Print the entries below in their entirety, exactly as they are written.

⁂

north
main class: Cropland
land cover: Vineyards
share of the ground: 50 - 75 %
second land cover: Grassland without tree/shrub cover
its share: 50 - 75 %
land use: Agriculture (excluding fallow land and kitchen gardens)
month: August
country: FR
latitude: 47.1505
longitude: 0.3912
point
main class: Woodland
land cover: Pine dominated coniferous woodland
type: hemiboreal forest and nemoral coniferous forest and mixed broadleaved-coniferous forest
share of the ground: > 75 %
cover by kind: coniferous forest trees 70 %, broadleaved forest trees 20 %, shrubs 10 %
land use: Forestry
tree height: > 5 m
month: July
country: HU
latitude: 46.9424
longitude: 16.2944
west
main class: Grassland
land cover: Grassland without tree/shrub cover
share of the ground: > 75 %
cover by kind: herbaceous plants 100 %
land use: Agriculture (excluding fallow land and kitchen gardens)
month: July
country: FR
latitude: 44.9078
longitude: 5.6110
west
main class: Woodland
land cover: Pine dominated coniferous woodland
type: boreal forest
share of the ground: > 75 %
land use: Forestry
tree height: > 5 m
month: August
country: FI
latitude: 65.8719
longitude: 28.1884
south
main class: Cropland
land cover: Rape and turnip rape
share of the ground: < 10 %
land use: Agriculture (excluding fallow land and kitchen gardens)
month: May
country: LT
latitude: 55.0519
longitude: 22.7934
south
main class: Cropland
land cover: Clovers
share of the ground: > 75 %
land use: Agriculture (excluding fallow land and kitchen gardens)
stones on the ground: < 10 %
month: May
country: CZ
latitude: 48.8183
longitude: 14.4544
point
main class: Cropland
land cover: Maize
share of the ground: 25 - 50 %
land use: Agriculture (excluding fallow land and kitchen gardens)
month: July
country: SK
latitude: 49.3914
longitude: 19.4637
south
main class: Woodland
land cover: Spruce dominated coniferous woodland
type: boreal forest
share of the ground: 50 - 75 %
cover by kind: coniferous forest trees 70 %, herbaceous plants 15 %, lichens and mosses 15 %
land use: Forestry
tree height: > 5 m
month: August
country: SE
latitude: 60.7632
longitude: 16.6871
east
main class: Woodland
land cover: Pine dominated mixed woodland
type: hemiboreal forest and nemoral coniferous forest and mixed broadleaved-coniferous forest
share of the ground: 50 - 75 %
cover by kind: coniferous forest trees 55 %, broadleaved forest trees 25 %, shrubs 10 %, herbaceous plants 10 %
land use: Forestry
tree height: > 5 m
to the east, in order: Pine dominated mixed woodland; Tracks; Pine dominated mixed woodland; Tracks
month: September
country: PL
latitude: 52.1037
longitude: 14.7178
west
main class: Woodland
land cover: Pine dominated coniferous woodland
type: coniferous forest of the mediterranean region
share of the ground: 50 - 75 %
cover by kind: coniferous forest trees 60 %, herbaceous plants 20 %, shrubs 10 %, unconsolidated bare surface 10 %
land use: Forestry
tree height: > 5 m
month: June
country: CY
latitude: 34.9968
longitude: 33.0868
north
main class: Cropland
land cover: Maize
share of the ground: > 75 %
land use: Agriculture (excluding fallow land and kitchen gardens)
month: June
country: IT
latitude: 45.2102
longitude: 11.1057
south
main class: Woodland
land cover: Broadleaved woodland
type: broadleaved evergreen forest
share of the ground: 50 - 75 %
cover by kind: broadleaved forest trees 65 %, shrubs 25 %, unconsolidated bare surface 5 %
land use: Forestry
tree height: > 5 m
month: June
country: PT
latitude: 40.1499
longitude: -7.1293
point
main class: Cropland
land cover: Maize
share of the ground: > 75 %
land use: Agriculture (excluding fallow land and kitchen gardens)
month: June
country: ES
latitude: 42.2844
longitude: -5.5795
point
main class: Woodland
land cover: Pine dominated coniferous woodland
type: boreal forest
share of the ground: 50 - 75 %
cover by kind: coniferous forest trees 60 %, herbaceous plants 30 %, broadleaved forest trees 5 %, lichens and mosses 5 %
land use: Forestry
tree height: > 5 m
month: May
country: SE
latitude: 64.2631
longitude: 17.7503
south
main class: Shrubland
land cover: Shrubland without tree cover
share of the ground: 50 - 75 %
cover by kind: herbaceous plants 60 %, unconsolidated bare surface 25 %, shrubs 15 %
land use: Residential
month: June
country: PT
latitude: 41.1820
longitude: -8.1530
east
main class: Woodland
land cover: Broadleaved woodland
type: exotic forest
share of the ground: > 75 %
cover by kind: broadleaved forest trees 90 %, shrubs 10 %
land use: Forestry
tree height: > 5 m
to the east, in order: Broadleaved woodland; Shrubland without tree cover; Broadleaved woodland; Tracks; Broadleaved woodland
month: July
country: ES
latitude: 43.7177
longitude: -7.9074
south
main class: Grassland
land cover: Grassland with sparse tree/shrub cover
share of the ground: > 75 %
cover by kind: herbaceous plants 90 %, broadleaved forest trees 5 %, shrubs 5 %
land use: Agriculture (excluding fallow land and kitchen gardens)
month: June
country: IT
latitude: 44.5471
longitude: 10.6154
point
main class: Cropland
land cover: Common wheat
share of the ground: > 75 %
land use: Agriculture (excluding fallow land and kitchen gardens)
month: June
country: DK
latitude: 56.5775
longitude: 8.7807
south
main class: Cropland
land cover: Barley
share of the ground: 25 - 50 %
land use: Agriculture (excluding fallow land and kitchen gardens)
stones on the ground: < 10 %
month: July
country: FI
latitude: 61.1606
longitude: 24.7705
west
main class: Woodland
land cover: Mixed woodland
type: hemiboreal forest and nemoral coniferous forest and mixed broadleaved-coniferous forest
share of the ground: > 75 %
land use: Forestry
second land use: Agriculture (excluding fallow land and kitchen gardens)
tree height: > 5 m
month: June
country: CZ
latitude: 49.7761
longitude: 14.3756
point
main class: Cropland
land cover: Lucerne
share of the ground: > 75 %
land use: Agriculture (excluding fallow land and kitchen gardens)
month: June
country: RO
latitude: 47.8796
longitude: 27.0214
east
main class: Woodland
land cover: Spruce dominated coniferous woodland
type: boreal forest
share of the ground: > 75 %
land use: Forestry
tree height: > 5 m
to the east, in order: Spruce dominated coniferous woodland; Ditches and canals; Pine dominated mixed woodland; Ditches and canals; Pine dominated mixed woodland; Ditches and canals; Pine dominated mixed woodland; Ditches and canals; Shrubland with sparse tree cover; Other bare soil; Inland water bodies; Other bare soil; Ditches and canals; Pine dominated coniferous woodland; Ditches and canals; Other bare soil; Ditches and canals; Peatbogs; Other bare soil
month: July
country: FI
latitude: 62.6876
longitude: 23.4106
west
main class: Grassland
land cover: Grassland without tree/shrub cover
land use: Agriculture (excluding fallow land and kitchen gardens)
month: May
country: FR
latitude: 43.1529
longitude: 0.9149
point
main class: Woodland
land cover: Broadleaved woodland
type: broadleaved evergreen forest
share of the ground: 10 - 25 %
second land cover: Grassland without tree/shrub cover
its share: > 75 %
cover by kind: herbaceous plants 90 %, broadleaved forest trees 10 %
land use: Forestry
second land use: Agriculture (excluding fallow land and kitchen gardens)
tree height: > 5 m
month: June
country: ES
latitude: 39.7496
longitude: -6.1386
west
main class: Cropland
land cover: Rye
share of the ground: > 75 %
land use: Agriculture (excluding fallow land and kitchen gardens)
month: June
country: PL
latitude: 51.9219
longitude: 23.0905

⁂

** TASK SOLUTION **
north
main class: Cropland
land cover: Vineyards
share of the ground: 50 - 75 %
second land cover: Grassland without tree/shrub cover
its share: 50 - 75 %
land use: Agriculture (excluding fallow land and kitchen gardens)
month: August
country: FR
latitude: 47.1505
longitude: 0.3912
point
main class: Woodland
land cover: Pine dominated coniferous woodland
type: hemiboreal forest and nemoral coniferous forest and mixed broadleaved-coniferous forest
share of the ground: > 75 %
cover by kind: coniferous forest trees 70 %, broadleaved forest trees 20 %, shrubs 10 %
land use: Forestry
tree height: > 5 m
month: July
country: HU
latitude: 46.9424
longitude: 16.2944
west
main class: Grassland
land cover: Grassland without tree/shrub cover
share of the ground: > 75 %
cover by kind: herbaceous plants 100 %
land use: Agriculture (excluding fallow land and kitchen gardens)
month: July
country: FR
latitude: 44.9078
longitude: 5.6110
west
main class: Woodland
land cover: Pine dominated coniferous woodland
type: boreal forest
share of the ground: > 75 %
land use: Forestry
tree height: > 5 m
month: August
country: FI
latitude: 65.8719
longitude: 28.1884
south
main class: Cropland
land cover: Rape and turnip rape
share of the ground: < 10 %
land use: Agriculture (excluding fallow land and kitchen gardens)
month: May
country: LT
latitude: 55.0519
longitude: 22.7934
south
main class: Cropland
land cover: Clovers
share of the ground: > 75 %
land use: Agriculture (excluding fallow land and kitchen gardens)
stones on the ground: < 10 %
month: May
country: CZ
latitude: 48.8183
longitude: 14.4544
point
main class: Cropland
land cover: Maize
share of the ground: 25 - 50 %
land use: Agriculture (excluding fallow land and kitchen gardens)
month: July
country: SK
latitude: 49.3914
longitude: 19.4637
south
main class: Woodland
land cover: Spruce dominated coniferous woodland
type: boreal forest
share of the ground: 50 - 75 %
cover by kind: coniferous forest trees 70 %, herbaceous plants 15 %, lichens and mosses 15 %
land use: Forestry
tree height: > 5 m
month: August
country: SE
latitude: 60.7632
longitude: 16.6871
east
main class: Woodland
land cover: Pine dominated mixed woodland
type: hemiboreal forest and nemoral coniferous forest and mixed broadleaved-coniferous forest
share of the ground: 50 - 75 %
cover by kind: coniferous forest trees 55 %, broadleaved forest trees 25 %, shrubs 10 %, herbaceous plants 10 %
land use: Forestry
tree height: > 5 m
to the east, in order: Pine dominated mixed woodland; Tracks; Pine dominated mixed woodland; Tracks
month: September
country: PL
latitude: 52.1037
longitude: 14.7178
west
main class: Woodland
land cover: Pine dominated coniferous woodland
type: coniferous forest of the mediterranean region
share of the ground: 50 - 75 %
cover by kind: coniferous forest trees 60 %, herbaceous plants 20 %, shrubs 10 %, unconsolidated bare surface 10 %
land use: Forestry
tree height: > 5 m
month: June
country: CY
latitude: 34.9968
longitude: 33.0868
north
main class: Cropland
land cover: Maize
share of the ground: > 75 %
land use: Agriculture (excluding fallow land and kitchen gardens)
month: June
country: IT
latitude: 45.2102
longitude: 11.1057
south
main class: Woodland
land cover: Broadleaved woodland
type: broadleaved evergreen forest
share of the ground: 50 - 75 %
cover by kind: broadleaved forest trees 65 %, shrubs 25 %, unconsolidated bare surface 5 %
land use: Forestry
tree height: > 5 m
month: June
country: PT
latitude: 40.1499
longitude: -7.1293
point
main class: Cropland
land cover: Maize
share of the ground: > 75 %
land use: Agriculture (excluding fallow land and kitchen gardens)
month: June
country: ES
latitude: 42.2844
longitude: -5.5795
point
main class: Woodland
land cover: Pine dominated coniferous woodland
type: boreal forest
share of the ground: 50 - 75 %
cover by kind: coniferous forest trees 60 %, herbaceous plants 30 %, broadleaved forest trees 5 %, lichens and mosses 5 %
land use: Forestry
tree height: > 5 m
month: May
country: SE
latitude: 64.2631
longitude: 17.7503
south
main class: Shrubland
land cover: Shrubland without tree cover
share of the ground: 50 - 75 %
cover by kind: herbaceous plants 60 %, unconsolidated bare surface 25 %, shrubs 15 %
land use: Residential
month: June
country: PT
latitude: 41.1820
longitude: -8.1530
east
main class: Woodland
land cover: Broadleaved woodland
type: exotic forest
share of the ground: > 75 %
cover by kind: broadleaved forest trees 90 %, shrubs 10 %
land use: Forestry
tree height: > 5 m
to the east, in order: Broadleaved woodland; Shrubland without tree cover; Broadleaved woodland; Tracks; Broadleaved woodland
month: July
country: ES
latitude: 43.7177
longitude: -7.9074
south
main class: Grassland
land cover: Grassland with sparse tree/shrub cover
share of the ground: > 75 %
cover by kind: herbaceous plants 90 %, broadleaved forest trees 5 %, shrubs 5 %
land use: Agriculture (excluding fallow land and kitchen gardens)
month: June
country: IT
latitude: 44.5471
longitude: 10.6154
point
main class: Cropland
land cover: Common wheat
share of the ground: > 75 %
land use: Agriculture (excluding fallow land and kitchen gardens)
month: June
country: DK
latitude: 56.5775
longitude: 8.7807
south
main class: Cropland
land cover: Barley
share of the ground: 25 - 50 %
land use: Agriculture (excluding fallow land and kitchen gardens)
stones on the ground: < 10 %
month: July
country: FI
latitude: 61.1606
longitude: 24.7705
west
main class: Woodland
land cover: Mixed woodland
type: hemiboreal forest and nemoral coniferous forest and mixed broadleaved-coniferous forest
share of the ground: > 75 %
land use: Forestry
second land use: Agriculture (excluding fallow land and kitchen gardens)
tree height: > 5 m
month: June
country: CZ
latitude: 49.7761
longitude: 14.3756
point
main class: Cropland
land cover: Lucerne
share of the ground: > 75 %
land use: Agriculture (excluding fallow land and kitchen gardens)
month: June
country: RO
latitude: 47.8796
longitude: 27.0214
east
main class: Woodland
land cover: Spruce dominated coniferous woodland
type: boreal forest
share of the ground: > 75 %
land use: Forestry
tree height: > 5 m
to the east, in order: Spruce dominated coniferous woodland; Ditches and canals; Pine dominated mixed woodland; Ditches and canals; Pine dominated mixed woodland; Ditches and canals; Pine dominated mixed woodland; Ditches and canals; Shrubland with sparse tree cover; Other bare soil; Inland water bodies; Other bare soil; Ditches and canals; Pine dominated coniferous woodland; Ditches and canals; Other bare soil; Ditches and canals; Peatbogs; Other bare soil
month: July
country: FI
latitude: 62.6876
longitude: 23.4106
west
main class: Grassland
land cover: Grassland without tree/shrub cover
land use: Agriculture (excluding fallow land and kitchen gardens)
month: May
country: FR
latitude: 43.1529
longitude: 0.9149
point
main class: Woodland
land cover: Broadleaved woodland
type: broadleaved evergreen forest
share of the ground: 10 - 25 %
second land cover: Grassland without tree/shrub cover
its share: > 75 %
cover by kind: herbaceous plants 90 %, broadleaved forest trees 10 %
land use: Forestry
second land use: Agriculture (excluding fallow land and kitchen gardens)
tree height: > 5 m
month: June
country: ES
latitude: 39.7496
longitude: -6.1386
west
main class: Cropland
land cover: Rye
share of the ground: > 75 %
land use: Agriculture (excluding fallow land and kitchen gardens)
month: June
country: PL
latitude: 51.9219
longitude: 23.0905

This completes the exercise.